Running machine learning experiments often involves a series of steps, such as data processing, training, and evaluation. Managing the dependencies and parameters for each step can become complex. Flowkestra simplifies this process by allowing you to define your entire workflow in a single configuration file.

This approach makes it easier to run, reproduce, and track your experiments, whether you are doing initial exploration on your local machine or preparing for more complex workflows.

---

## Core Features

- **YAML-based Workflows**: Define your experiment as a series of tasks in a simple `config.yml` file.
- **Sequential Task Execution**: Runs your Python scripts in the order you define them.
- **MLflow Integration**: Automatically logs your runs, parameters, and artifacts to an MLflow tracking server.
- **Local Execution**: Currently supports running experiments on your local machine.

---

## Getting Started

### 1. Installation

```bash
pip install flowkestra
```
*(Note: The package is not yet published to PyPI. To install locally, use `pip install .`)*

### 2. Create a Configuration File

Create a `config.yml` file to define your experiment. This file specifies the scripts to run, their inputs/outputs, and any parameters.

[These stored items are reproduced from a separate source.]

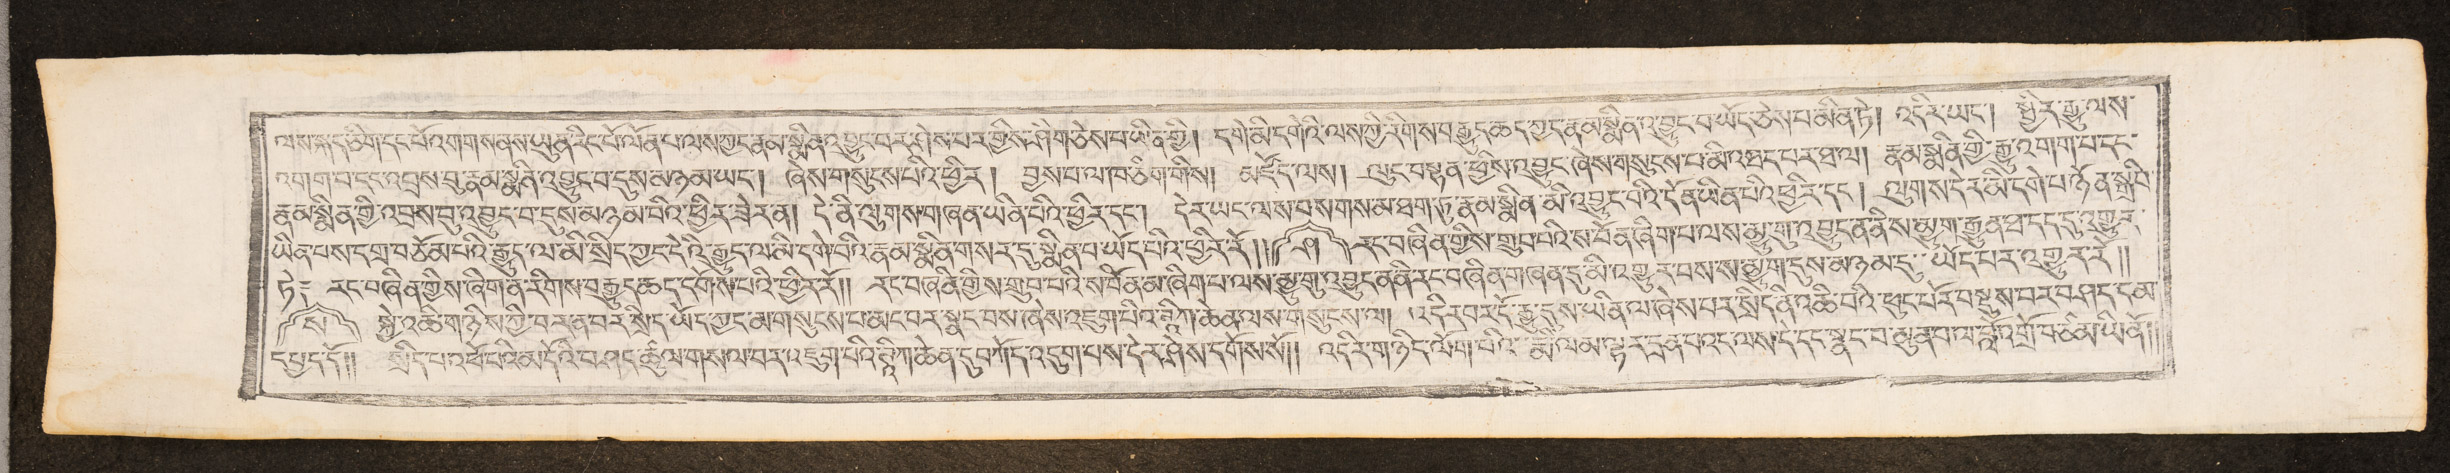ལས་སྐད་ཅིག་དང་པོ་འགགས་ནས་ཡུན་རིང་པོ་ལོན་པ་ལས་ཀྱང་རྣམ་སྨིན་འབྱུང་བར་ཤེས་པར་གྱིས་ཤིག་ཅེས་པ་ཡིན་གྱི། དགེ་མི་དགེའི་ལས་ཀྱི་རིགས་བརྒྱུད་ཆད་ཀྱང་རྣམ་སྨིན་འབྱུང་བ་ཡོད་ཅེས་པ་མིན་ཏེ། འདིར་ཡང་། སྤྱིར་རྒྱུ་ལས་
འགག་པ་དང་འབྲས་བུ་རྣམ་སྨིན་འབྱུང་བ་དུས་མཉམ་ཡང་། ཞེས་གསུངས་པའི་ཕྱིར། བྱས་པ་ལ་ཁ་ཅིག་གིས། མཛོད་ལས། ལུང་བསྟན་ཕྱིས་འབྱུང་ཞེས་གསུངས་པ་མི་འཐད་པར་ཐལ། རྣམ་སྨིན་གྱི་རྒྱུ་འགག་པ་དང་
རྣམ་སྨིན་གྱི་འབྲས་བུ་འབྱུང་བ་དུས་མཉམ་པའི་ཕྱིར་ཟེར་ན། དེ་ནི་ལུགས་གཞན་ཡིན་པའི་ཕྱིར་དང་། དེར་ཡང་ལས་བསགས་མ་ཐག་ཏུ་རྣམ་སྨིན་མི་འབྱུང་བའི་དོན་ཡིན་པའི་ཕྱིར་དང་། ལུགས་དེར་མི་དགེ་བ་ཉོན་སྒྲིབ་
ཡིན་པས་དགྲ་བཅོམ་པའི་རྒྱུད་ལ་མི་སྲིད་ཀྱང་དེའི་རྒྱུད་ལ་མི་དགེ་པའི་རྣམ་སྨིན་གསར་དུ་སྨིན་པ་ཡོད་པའི་ཕྱིར་རོ།། ༼༽ཤ༼༽ རང་བཞིན་གྱིས་གྲུབ་པའི་ས་བོན་ཞིག་པ་ལས་མྱུ་གུ་འབྱུང་ན་ནི་ས་མྱུག་རྒྱུན་ཐ་དད་དུ་འགྱུར་
ཏེ༑ རང་བཞིན་གྱིས་ཞིག་ན་རིགས་བརྒྱུད་ཆད་དགོས་པའི་ཕྱིར་རོ།། རང་བཞིན་གྱིས་གྲུབ་པའི་ས་བོན་མ་ཞིག་པ་ལས་མྱུ་གུ་འབྱུང་ན་ནི་རང་བཞིན་གཞན་དུ་མི་འགྱུར་བས་ས་མྱུག་དུས་མཉམ་དུ་ཡོད་པར་འགྱུར་རོ།།
༼༽ས༼༽ སྐྱེ་འཆི་གཉིས་ཀྱི་བར་ན་བར་སྲིད་ཡོད་ཀྱང་མ་གསུངས་པ་མང་བར་སྣང་བས་ཞེས་འཇུག་པའི་ཊའིཀ་ཆེན་ལས་གསུངས་ལ། འདིར་བར་དོ་རྒྱུ་དུས་ས་ཡིན་ལ་ཞེས་པར་སྲིད་ནི་འཆི་བའི་ཕུང་པོར་བསྡུས་པར་བཤད་དམ་
དཔྱད་དོ།། སྲིད་པ་འཕོ་བའི་མདོའི་བཤད་ཚུལ་གསལ་བར་འཇུག་པའི་ཊཱིཀ་ཆེན་དུ་བཀོང་འདུག་པས་དེར་ཤེས་དགོས་སོ།། འདིར་གཉིང་ལོག་པའི་རྨི་ལམ་ལྟར་དྲན་པཱང་ལས་དེ་དང་སྣང་བ་མུན་པ་ལ་བློ་འགྲོ་བ་ཙམ་ཡིན་ནོ།།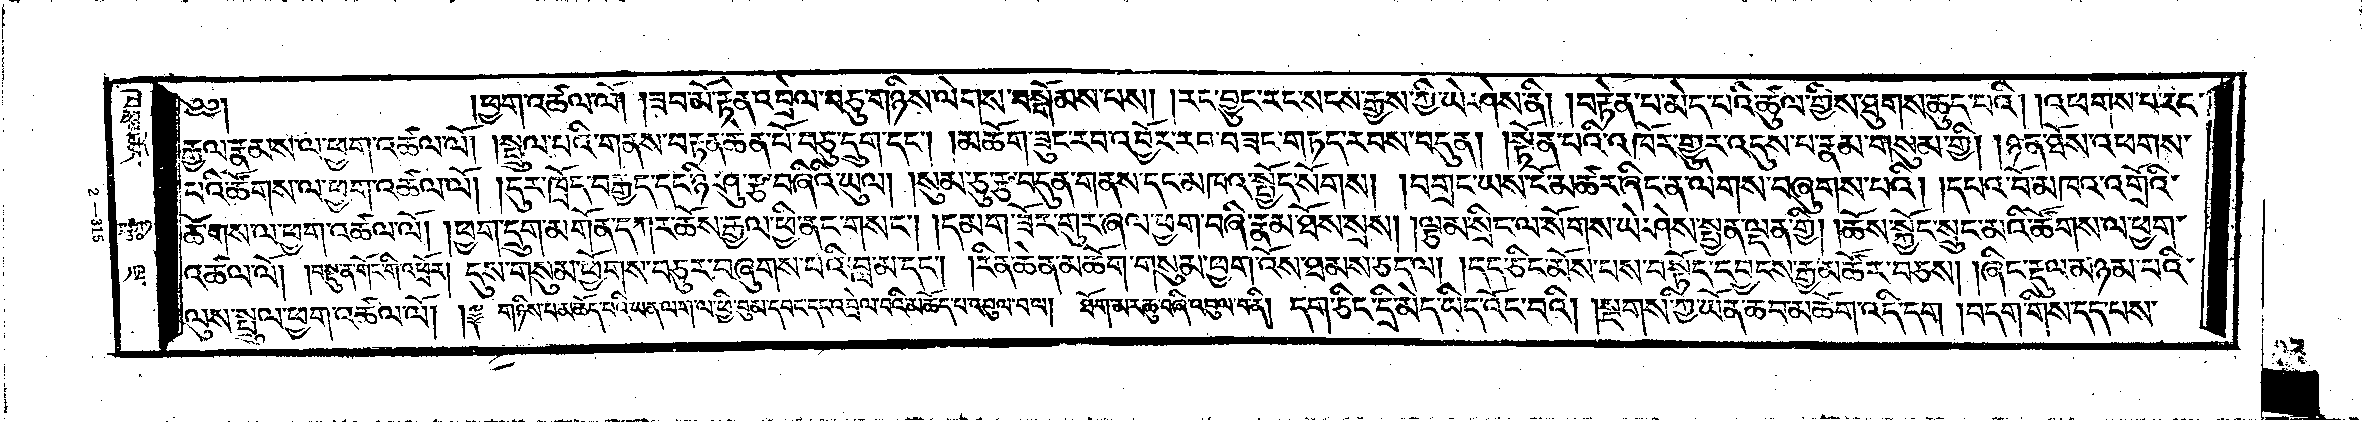༄༅། །ཕྱག་འཚལ་ལོ། །ཟབ་མོ་རྟེན་འབྲེལ་བཅུ་གཉིས་ལེགས་བསྒོམས་པས། །རང་བྱུང་རང་སངས་རྒྱས་ཀྱི་ཡེ་ཤེས་ནི། །བརྟེན་པ་མེད་པའི་ཚུལ་གྱིས་ཐུགས་ཆུད་པའི། །འཕགས་པ་རང་
རྒྱལ་རྣམས་ལ་ཕྱག་འཚལ་ལོ། །སྤྲུལ་པའི་གནས་བརྟན་ཆེན་པོ་བཅུ་དྲུག་དང་། །མཆོག་ཟུང་རབ་འབྱོར་རབ་བཟང་གཏད་རབས་བདུན། །སྟོན་པའི་འཁོར་གྱུར་འདུས་པ་རྣམ་གསུམ་གྱི། །ཉན་ཐོས་འཕགས་
པའི་ཚོགས་ལ་ཕྱག་འཚལ་ལོ། །དུར་ཁྲོད་བརྒྱད་དང་ཉི་ཤུ་རྩ་བཞིའི་ཡུལ། །སུམ་ཅུ་རྩ་བདུན་གནས་དང་མཁའ་སྤྱོད་སོགས། །བགྲང་ཡས་ངོ་མཚར་ཞིང་ན་ལེགས་བཞུགས་པའི། །དཔའ་བོ་མཁའ་འགྲོའི་
ཆོགས་ལ་ཕྱག་འཚལ་ལོ། །ཕྱག་དྲུག་མགོན་དཀར་ཆོས་རྒྱལ་ཕྱི་ནང་གསང་། །དམག་ཟོར་གུར་ཞལ་ཕྱག་བཞི་རྣམ་ཐོས་སྲས། །ལྕམ་སྲིང་ལ་སོགས་ཡེ་ཤེས་སྤྱན་ལྡན་གྱི། །ཆོས་སྐྱོང་སྲུང་མའི་ཚོགས་ལ་ཕྱག་
འཚལ་ལོ། །བསྡུན་གོང་གི་འཕྲོར།  དུས་གསུམ་ཕྱོགས་བཅུར་བཞུགས་པའི་བླ་མ་དང་། །རིན་ཆེན་མཆོག་གསུམ་ཕྱག་འོས་ཐམས་ཅད་ལ། །དད་ཅིང་མོས་པས་བསྟོད་དབྱངས་རྒྱ་མཚོར་བཅས། །ཞིང་རྡུལ་མཉམ་པའི་
ལུས་སྤྲུལ་ཕྱག་འཚལ་ལོ། །༈གཉིས་པ་མཆོད་པའི་ཡན་ལག་ལ་ཕྱི་བུམ་དབང་དང་འབྲེལ་བའི་མཆོད་པ་འབུལ་བ་ལ། ཐོག་མར་ཆུ་བཞི་འབུལ་བ་ནི།  དག་ཅིང་དྲི་མེད་ཡིད་འོང་བའི། །སྔགས་ཀྱི་ཡོན་ཆབ་མཆོག་འདི་དག །བདག་གིས་དད་པས་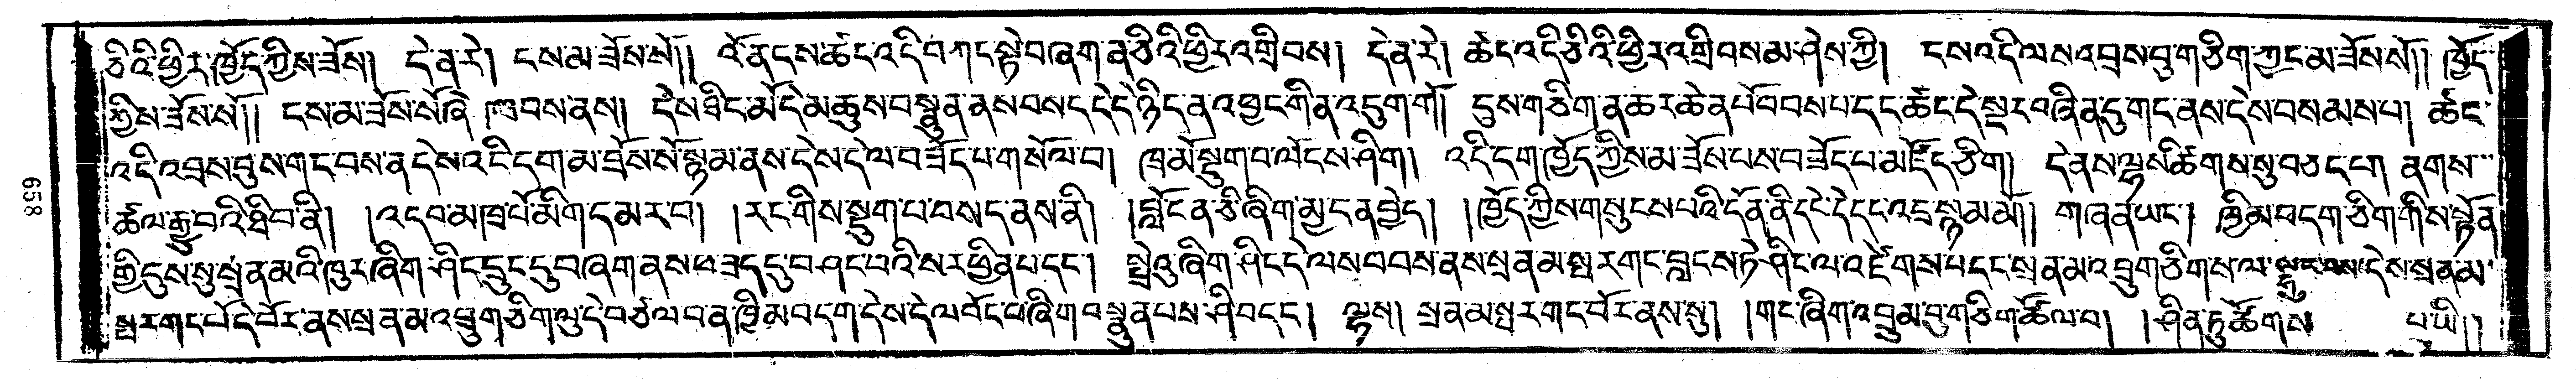ཅིའི་ཕྱིར་ཁྱོད་ཀྱིས་ཟོས། དེ་ན་རེ། ངས་མ་ཟོས་སོ།། འོ་ནངས་ཚང་འདི་བཀང་སྟེ་བཞག་ན་ཅིའི་ཕྱིར་འགྲིབས། དེ་ན་རེ། ཚང་འདི་ཅིའི་ཕྱིར་འགྲིབས་མ་ཤེས་ཀྱི། ངས་འདི་ལས་འབྲས་བུ་གཅིག་ཀྱང་མ་ཟོས་སོ།། ཁྱོད་
ཀྱིས་ཟོས་སོ། །ངས་མ་ཟོས་སོ་ཞེ་ཁབས་ནས། དེས་ཐིང་མོ་དེ་མཆུས་བསྣུན་ནས་བསད་དེ་དེ་ཉིད་ན་འཕྱང་གི་ན་འདུག་གོ། དུས་གཅིག་ན་ཆར་ཆེན་པོ་བབས་པ་དང་ཚང་དེ་སྔར་བཞིན་དུ་གང་ནས་དེས་བསམས་པ། ཚང་
འདི་འབྲས་བུས་གང་བས་ན་དེས་འདི་དག་མ་བྲོས་སོ་སྙམ་ནས་དེས་དེ་ལ་བཟོད་པ་གསོལ་བ། ཁྲ་མོ་སྡུག་བ་ལོངས་ཤིག། འདི་དག་ཁྱོད་ཀྱིས་མ་ཟོས་པས་བཟོད་པ་མཛོད་ཅིག། དེ་ནས་ལྷས་ཚིགས་སུ་བཅང་པ། ནགས་
ཚལ་རྒྱུ་བའི་ཐིབ་ནི། །འདབ་མ་ཁྲ་པོ་མིག་དམར་བ། །རང་གིས་སྡུག་པ་བསད་ནས་ནི། །བློ་ངན་ཅི་ཞིག་མྱ་ངན་བྱེད། །ཁྱོད་ཀྱིས་གསུངས་པའི་དོན་ནི་དེང་དེ་དང་འདྲ་སྙམ་མོ།། གཞན་ཡང་། ཁྱིམ་བདག་ཅིག་གིས་སྟོན་
གྱི་དུས་སུ་སྲན་མའི་ཁུར་ཞིག་ཤིང་དྲུང་དུ་བཞག་ནས་ཕ་ཟད་དུ་བཤང་བའི་སར་ཕྱིན་པ་དང་། སྤྲེའུ་ཞིག་ཤིང་དེ་ལས་བབས་ནས་སྲན་མ་སྤར་གང་བླངས་ཏེ་ཤིང་ལ་འཛེགས་པ་དང་སྲན་མ་འབྲུ་གཅིག་ས་ལ་ལྷུང་བས་དེས་སྲན་མ་
སྤར་གང་པོ་དེ་བོར་ནས་སྲན་མ་འབྲུག་ཅིག་ལུ་དེ་བཙལ་བ་ན་ཁྱིམ་བདག་དེས་དེ་ལ་བོང་བ་ཞིག་བསྣུན་པས་ཤི་བ་དང་། ལྷས། སྲན་མ་སྤར་གང་བོར་ནས་སུ། །གང་ཞིག་འབྲུམ་བུ་གཅིག་ཚོལ་བ། །ཤིན་ཏུ་ཚོགས་པ་ཡི།།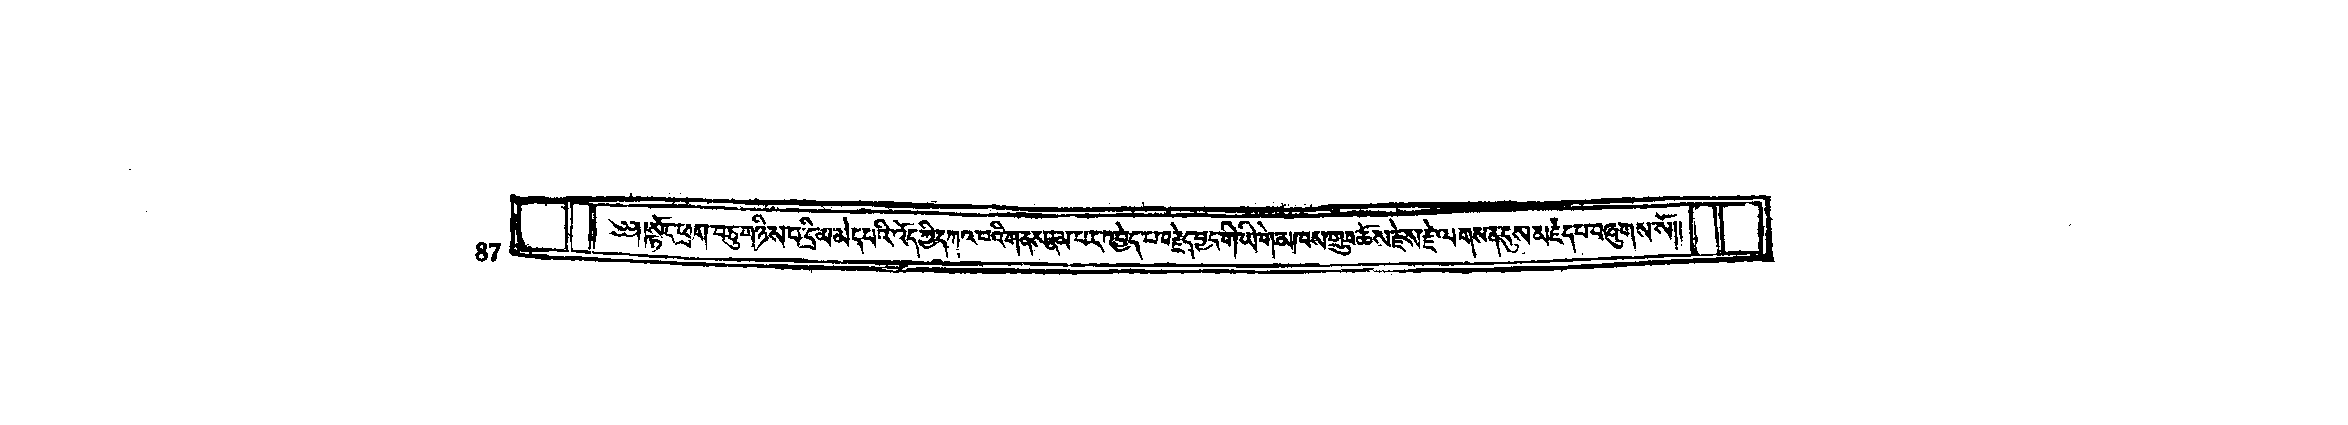༄༅། །སྟོང་ཕྲག་བཅུ་གཉིས་པ་དྲི་མ་མེད་པའི་འོད་ཀྱི་དཀའ་བའི་གནས་རྣམ་པར་འབྱེད་པ་བརྗེད་བྱང་གི་ཡི་གེ་མཁས་གྲུབ་ཆོས་རྗེས་རྗེ་ལ་གསན་དུས་མཛད་པ་བཞུགས་སོ།།

Here is an example for a local run:

```yaml
# A descriptive name for your MLflow experiment.
mlflow_uri: "http://localhost:5000"
experiment_name: "example_experiment"

# Define your experiment instances. Each instance represents a distinct run
# with its own configuration.
instances:
  - mode: local # Currently, 'local' is the supported execution mode.
    # The working directory for the instance.
    workdir: "./test_data"
    # The target directory where training and virtual environment will be created.
    target_workdir: "./local_train"
    # Path to a requirements.txt file for this instance's environment.
    requirements: "requirements_local.txt"
    # Define pipelines (e.g., 'train', 'evaluate') with their scripts and arguments.
    pipelines:
      train:
        script: "mlflow_example.py" # The Python script to execute.
        args: # Optional arguments to pass to the script.
          [
            "--epoch", "30"
          ]

```

### 3. Run Your Experiment

Execute your experiment using the Flowkestra CLI, pointing it to your configuration file.

```bash
flowkestra -f config.yml
```

Flowkestra will then run your defined tasks in order.

---

## Potential Use Cases

- **Organizing Experiments**: Structure your ML code into reusable scripts and orchestrate them for different experiments.
- **Reproducible Runs**: Keep your configuration, parameters, and scripts together, ensuring that you can easily rerun an experiment.
- **Basic ML Pipelines**: Create simple, sequential pipelines for tasks like data preprocessing followed by model training.

---

## Roadmap & Next Features

- **Remote Training**: Support for executing tasks on remote machines via SSH.
- **Automated Parameter Tuning**: Integrate with libraries to automate hyperparameter searches.
- **Expanded Cloud Support**: Add direct support for cloud environments.

---

## Notes

- This project is in its early stages. Contributions and feedback are welcome.